Let’s face it, technology moves way too fast. One minute you’re on dial-up, and the next minute you’re on blazing-fast 4G that you can access from anywhere.

Speaking of which, don’t get too attached to that new phone - according to the Korean government, South Korea has teamed up with the European Union to start developing a ridiculously fast 5G network.

The Wall Street Journal reports that the two governments have set up a committee “to develop systems, set standards and get radio frequencies ready to accommodate the new technology.” The eventual goal of the program is to create a unified vision about the next generation of cellular technology among the world’s wireless networks.
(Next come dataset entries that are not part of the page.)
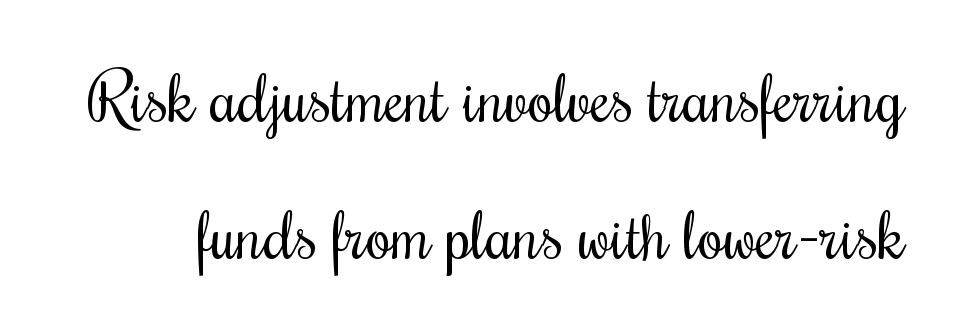
{"serif": "yes", "bold": "no", "weight": "regular", "width": "condensed", "stroke_contrast": "medium", "x_height": "small", "monospaced": "no", "underline": "no", "line_spacing": "loose", "line_spacing_ratio": 2.05, "letter_spacing": "normal", "letter_spacing_em": 0.0, "glyph_px": 67}
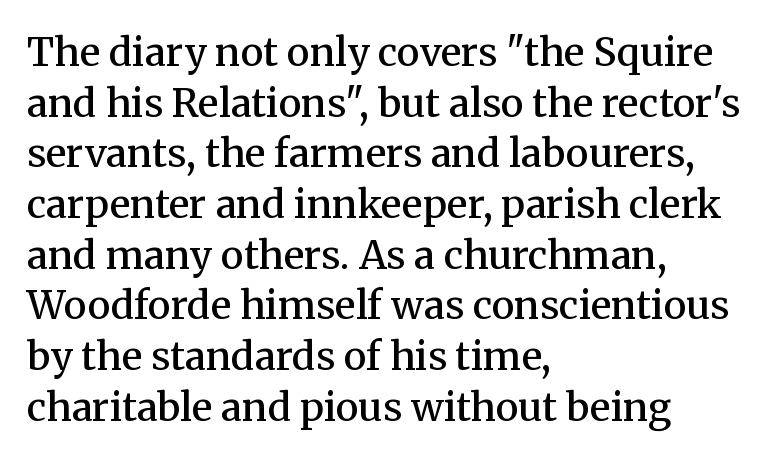
Q: Is the text bold? A: Semi-bold.
Q: Is the text italic (slanted)? A: No, it is upright.
Q: Is the typeface a serif or a sans-serif typeface? A: Serif.
Q: Is the text underlined? A: No.
Q: How is the paragraph aligned? A: Left-aligned.
Q: Is the spacing between letters normal or unusually wide? A: Normal.
Q: Is the spacing between lines tight, normal or loose? A: Normal.
Q: Width (condensed, normal, or wide)? A: Normal.
Q: Stroke contrast? A: Medium.
Q: x-height? A: Medium.
Q: Monospaced? A: No.
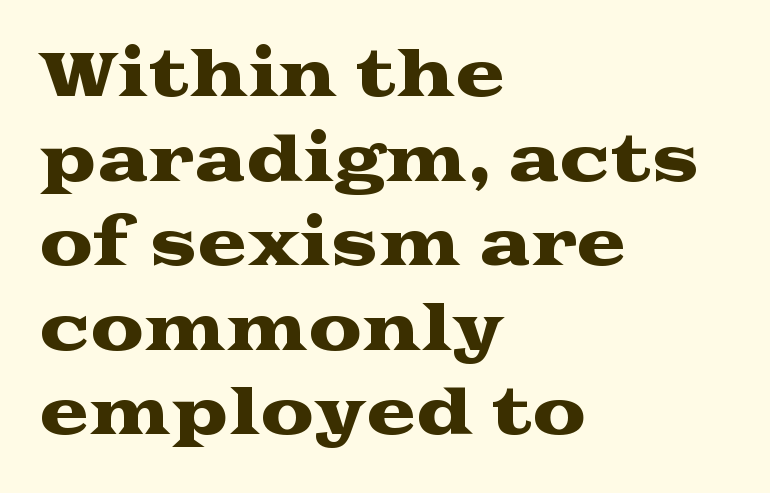
The image shows 60 px wide serif type, upright; set left-aligned, normal line spacing (1.41x), normal letter spacing, not underlined; medium stroke contrast and a medium x-height.
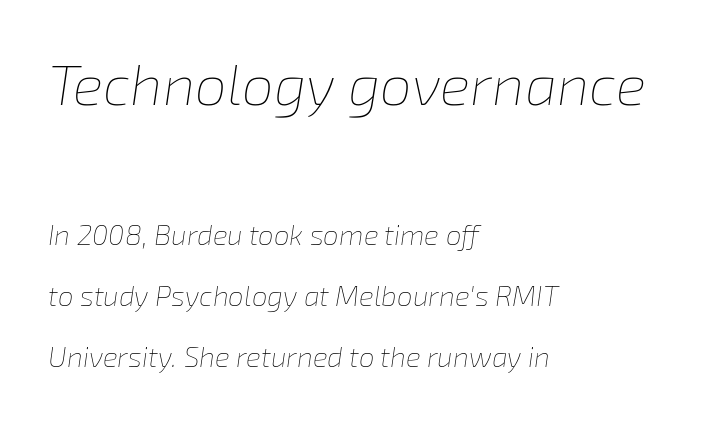
{"italic": "yes", "lean": "right", "slant_degrees": 8, "bold": "no", "weight": "thin", "width": "normal", "stroke_contrast": "low", "x_height": "medium", "monospaced": "no", "underline": "no", "align": "left", "line_spacing": "loose", "line_spacing_ratio": 2.17, "letter_spacing": "normal", "letter_spacing_em": 0.0, "larger_block": "first", "size_ratio": 2.04, "glyph_px": 57}
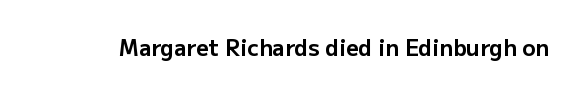
Q: Is the text bold? A: Yes.
Q: Is the text italic (slanted)? A: No, it is upright.
Q: Is the text underlined? A: No.
Q: Is the spacing between letters normal or unusually wide? A: Normal.
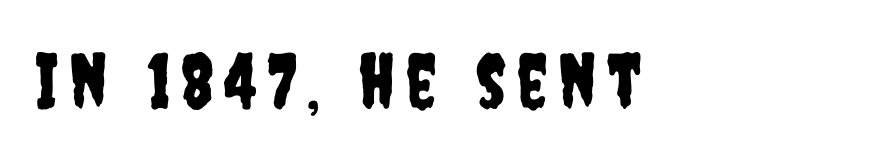
{"serif": "no", "italic": "no", "width": "condensed", "stroke_contrast": "low", "x_height": "large", "monospaced": "no", "underline": "no", "align": "left", "glyph_px": 76}
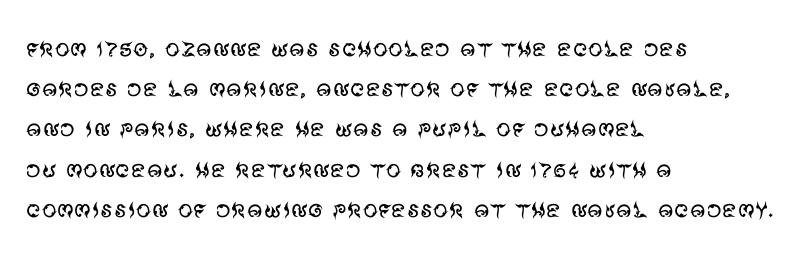
{"serif": "no", "italic": "no", "bold": "no", "weight": "regular", "width": "normal", "stroke_contrast": "medium", "x_height": "large", "monospaced": "no", "underline": "no", "align": "left", "line_spacing": "normal", "line_spacing_ratio": 1.34, "letter_spacing": "normal", "letter_spacing_em": 0.0, "glyph_px": 30}
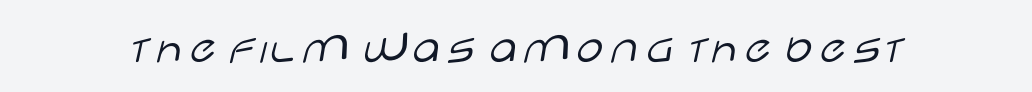
The image shows 49 px light, wide sans-serif type; set normal letter spacing, not underlined; low stroke contrast and a large x-height.
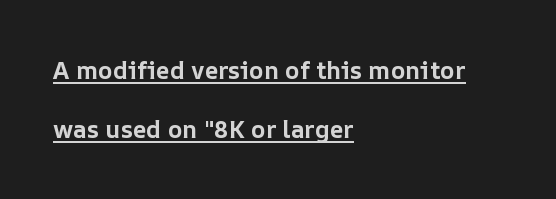
Q: Is the text bold? A: Yes.
Q: Is the text italic (slanted)? A: No, it is upright.
Q: Is the text underlined? A: Yes.
Q: How is the paragraph aligned? A: Left-aligned.
Q: Is the spacing between letters normal or unusually wide? A: Normal.
Q: Is the spacing between lines tight, normal or loose? A: Loose.
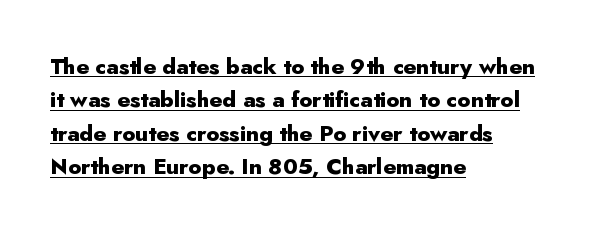
Rows of type keep a routine distance in the vertical direction. One-word summary of the alignment: left. Strokes here are thick enough to call this a true bold. A typesetter would call this zero additional tracking.

The move is partly a response to a decline in the EU’s telecommunication quality. Europe was a late adopter of 4G, and its implementation of the technology was somewhat sloppy. The early adoption of 5G will likely put Europe back on the cutting edge of broadband, which in turn will strengthen their reputation in the world of technology.
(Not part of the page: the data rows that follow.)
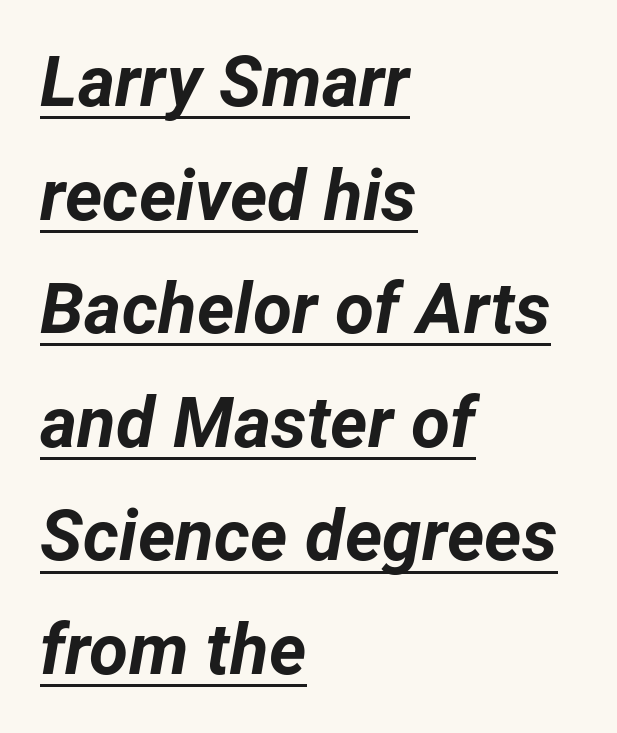
Q: Is the text bold? A: Yes.
Q: Is the text italic (slanted)? A: Yes, it leans right by about 12 degrees.
Q: Is the text underlined? A: Yes.
Q: How is the paragraph aligned? A: Left-aligned.
Q: Is the spacing between letters normal or unusually wide? A: Normal.
Q: Is the spacing between lines tight, normal or loose? A: Normal.
Q: Width (condensed, normal, or wide)? A: Normal.
Q: Stroke contrast? A: Low.
Q: x-height? A: Medium.
Q: Monospaced? A: No.
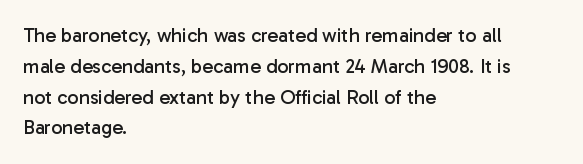
Unmarked baselines from the first word to the last. Between one letter and the next there's only the usual sliver of space. Left-aligned paragraph, ragged on the right. Compared with typical paragraphs, the rows here are spaced about the same. It's the straight-up-and-down kind of type.
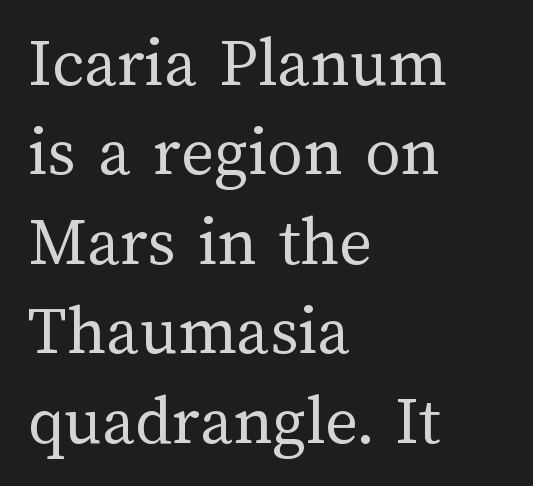
You can tell it's not italic because the verticals are truly vertical. Stroke thickness stays within the range of a standard reading face or lighter. You could call the tracking neutral — neither tight nor loose. The text block is weighted toward the left margin, trailing off unevenly rightward.
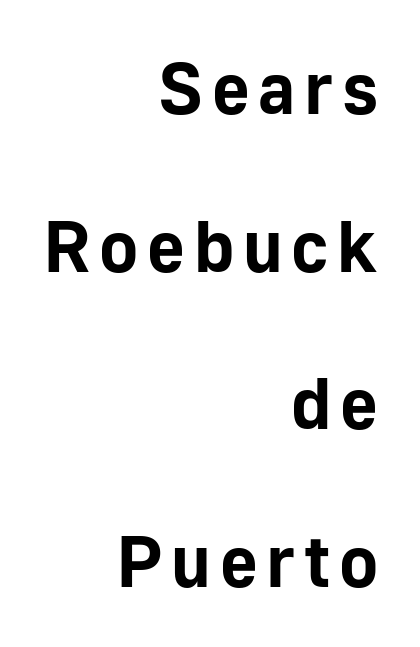
Q: Is the text bold? A: Yes.
Q: Is the text italic (slanted)? A: No, it is upright.
Q: Is the typeface a serif or a sans-serif typeface? A: Sans-serif.
Q: Is the text underlined? A: No.
Q: How is the paragraph aligned? A: Right-aligned.
Q: Is the spacing between lines tight, normal or loose? A: Loose.
Q: Width (condensed, normal, or wide)? A: Normal.
Q: Stroke contrast? A: Low.
Q: x-height? A: Medium.
Q: Monospaced? A: No.
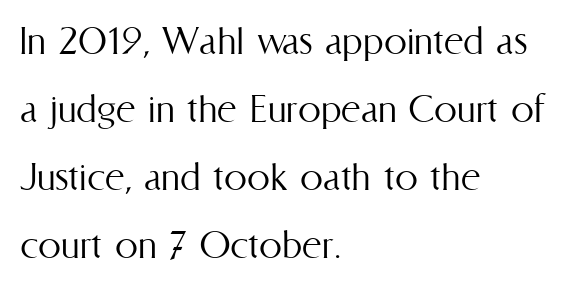
The passage shown is typed in a proportional face where columns would drift. In terms of posture, this sample is upright. Teacher's note: observe the even left margin — that is flush-left alignment. Heaviness? Minimal to ordinary, like unemphasized prose. Check the space under the baseline: it is left empty. A typesetter would call this leading conventional body-copy spacing.
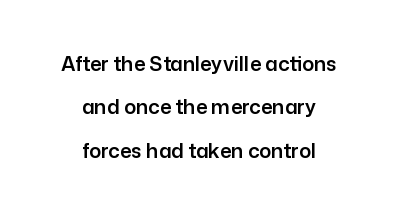
The image shows 20 px text type, upright; set centered, loose line spacing (2.17x), normal letter spacing, not underlined.
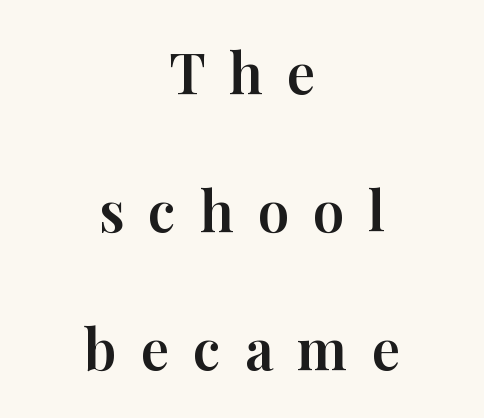
The letterforms stand isolated, each surrounded by extra space. Successive baselines arrive slowly, with a big drop between each. These lines are rendered in a variable-pitch font. Letterform terminals end in serifs throughout the passage. Where is the straight margin? There isn't one; the lines are centered. A typesetter would mark this as roman, not italic.
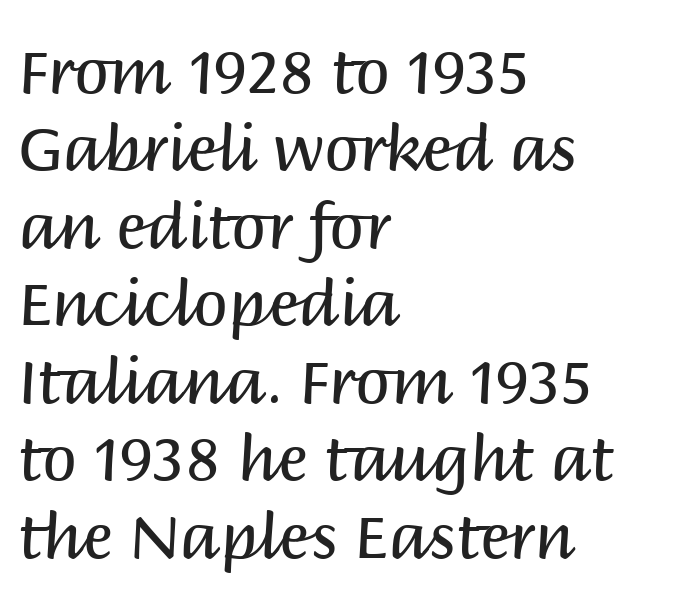
Reading down the block, your eye returns to a fixed left position each line. The letters advance in unequal steps, a hallmark of proportional type. The characters are drawn with everyday or finer stroke widths. Typographically, this falls in the sans-serif category. The passage shown has conventional tracking throughout.
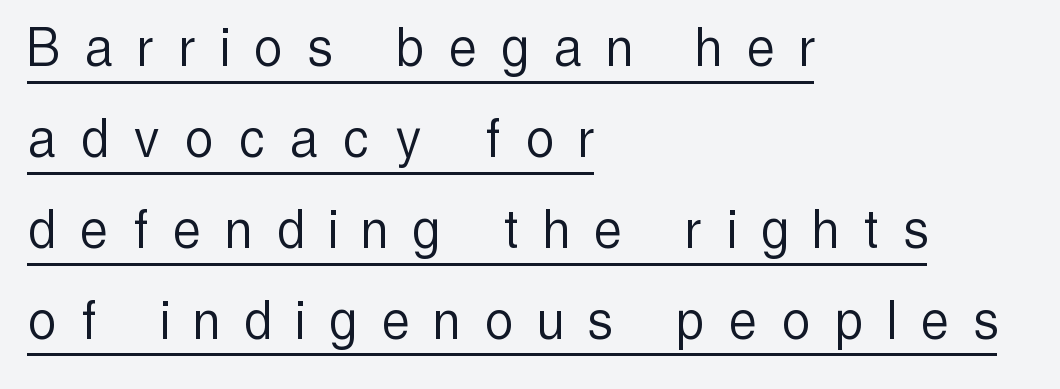
Notice how the passage keeps a crisp vertical edge on the left only. A rule runs beneath these lines of type. Nothing sits at the stroke ends, so this counts as sans-serif. Is this a fixed-width face? No — the glyphs have proportional, varying widths.

The Economic Times reports that other innovators, such as ZTE Corp (the second-largest network gear maker), are working on their own prototype technology without paying much attention to the EU. ZTE’s technology, in high-tech terms, “will run on ultra-high spectrum bands like 15 GHz, 27 GHz or even 70 GHz.” 4G networks, which are in the 700-1800 MHz range, are just peanuts compared to that. In low-tech terms, that means you can download an HD movie in seconds, which would take minutes on 4G.

The technology is expected to be fully envisioned by 2015, and implemented by 2020.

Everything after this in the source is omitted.